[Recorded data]
************

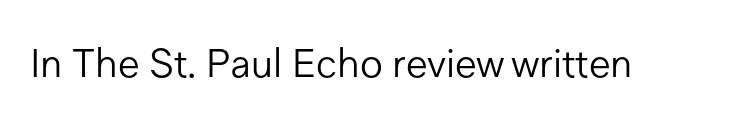
Q: Is the text bold? A: No.
Q: Is the text italic (slanted)? A: No, it is upright.
Q: Is the typeface a serif or a sans-serif typeface? A: Sans-serif.
Q: Is the text underlined? A: No.
Q: Is the spacing between letters normal or unusually wide? A: Normal.
Q: Width (condensed, normal, or wide)? A: Normal.
Q: Stroke contrast? A: Low.
Q: x-height? A: Medium.
Q: Monospaced? A: No.
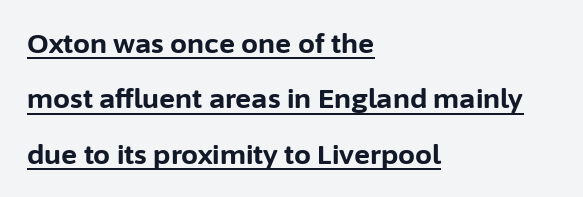
You could fit nearly another row in the gap between these rows. A full-strength bold gives these letters their thick strokes. The setting favours the left margin, as ordinary paragraphs usually do. Check the space under the baseline: a stroke is drawn there. How are the letters spaced? Ordinarily, with no added tracking.
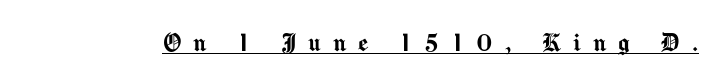
The image shows 29 px sans-serif type, upright; set unusually wide letter spacing (+0.42 em), underlined; medium stroke contrast and a medium x-height.
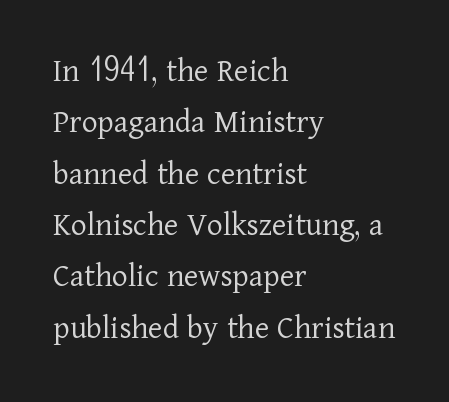
The image shows 34 px light serif type, upright; set left-aligned, normal line spacing (1.51x), normal letter spacing, not underlined; low stroke contrast and a medium x-height.
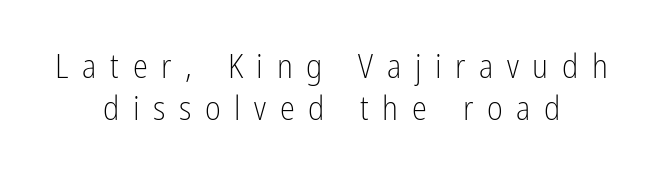
Q: Is the text bold? A: No.
Q: Is the text italic (slanted)? A: No, it is upright.
Q: Is the typeface a serif or a sans-serif typeface? A: Sans-serif.
Q: Is the text underlined? A: No.
Q: How is the paragraph aligned? A: Centered.
Q: Is the spacing between letters normal or unusually wide? A: Unusually wide.
Q: Is the spacing between lines tight, normal or loose? A: Normal.
Q: Width (condensed, normal, or wide)? A: Condensed.
Q: Stroke contrast? A: Low.
Q: x-height? A: Medium.
Q: Monospaced? A: No.

************

— INSTRUCTIONS TO FOLLOW —
Copy, from the lines above, each one that holds "image".

— ANSWER TO THE EXERCISE —
The image shows 29 px sans-serif type, upright; set unusually wide letter spacing (+0.42 em), underlined; medium stroke contrast and a medium x-height.
The image shows 34 px light serif type, upright; set left-aligned, normal line spacing (1.51x), normal letter spacing, not underlined; low stroke contrast and a medium x-height.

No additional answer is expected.